Now that you have done all that, there is more that you need to do to make the document(s) admissible at trial. MRE 902(11)(C) is critical:
(C) (i) Records so certified will be self-authenticating only if the proponent gives notice to adverse parties of the intent to offer the records as self-authenticating under this rule and provides a copy of the records and of the authenticating certificate. Such notice must be given sufficiently in advance of the trial or hearing at which they will be offered to provide the adverse party a fair opportunity to consider the offer and state any objections. (ii) Objections will be waived unless, within fifteen days after receiving the notice, the objector serves written specific objections or obtains agreement of the proponent or moves the court to enlarge the time. (iii) The proponent will be responsible for scheduling a hearing on any objections and the court should hear and decide such objections before the trial or hearing at which they will be offered. If the court cannot rule on the objections before the trial or hearing, the records will not be self-authenticating. (iv) If in a civil case, on motion by the proponent after the trial
or hearing, the court determines that the objections raised no genuine questions and were made without arguable good cause, the expenses incurred by the proponent in presenting the evidence necessary to secure admission of the records shall be assessed against the objecting party and attorney.

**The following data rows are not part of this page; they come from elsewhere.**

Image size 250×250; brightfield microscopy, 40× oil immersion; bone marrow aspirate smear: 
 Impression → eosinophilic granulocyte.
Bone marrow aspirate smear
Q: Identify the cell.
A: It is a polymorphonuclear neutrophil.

You must give timely notice to your opponent of your intent to offer the records under this rule, and if the opponent objects, you must set a hearing for the court to resolve the issue. Note the language of the rule: “Records so certified will be self-authenticating only if the proponent gives notice …” No notice = no self-authentication.

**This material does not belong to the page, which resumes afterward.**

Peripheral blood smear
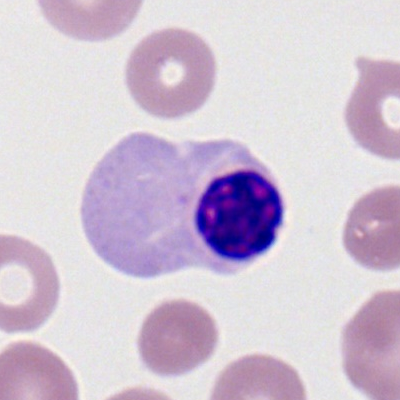 Morphology consistent with a nucleated red blood cell.

Sometimes lawyers agree on a handshake to let the document(s) in. That’s okay when it works, but every lawyer has a tale of woe about an opponent who said one thing in the halls of the courthouse two weeks ago, and then does not quite remember it the same way on the floor of the courtroom at trial. Better practice is to file that notice with a certificate of service. At a minimum, you should document the notice via email or regular mail. Any documentation is better than none, but some forms are better than others.
MRE 902 is a marvelous road map for how to get documents into evidence without a sponsoring witness, but you’d better follow it in every detail if you wish to succeed.
This is the most clear explanation I have read anywhere
One quibble: says “a written declaration under oath OR attestation subject to the penalty of perjury.” Granted, every affidavit is potentially subject to perjury, but the intent here seems to be to allow alternative to an affidavit.
I think you’re right, but the only reason I can imagine for the alternative is so that the attesting party does not have to find a notary.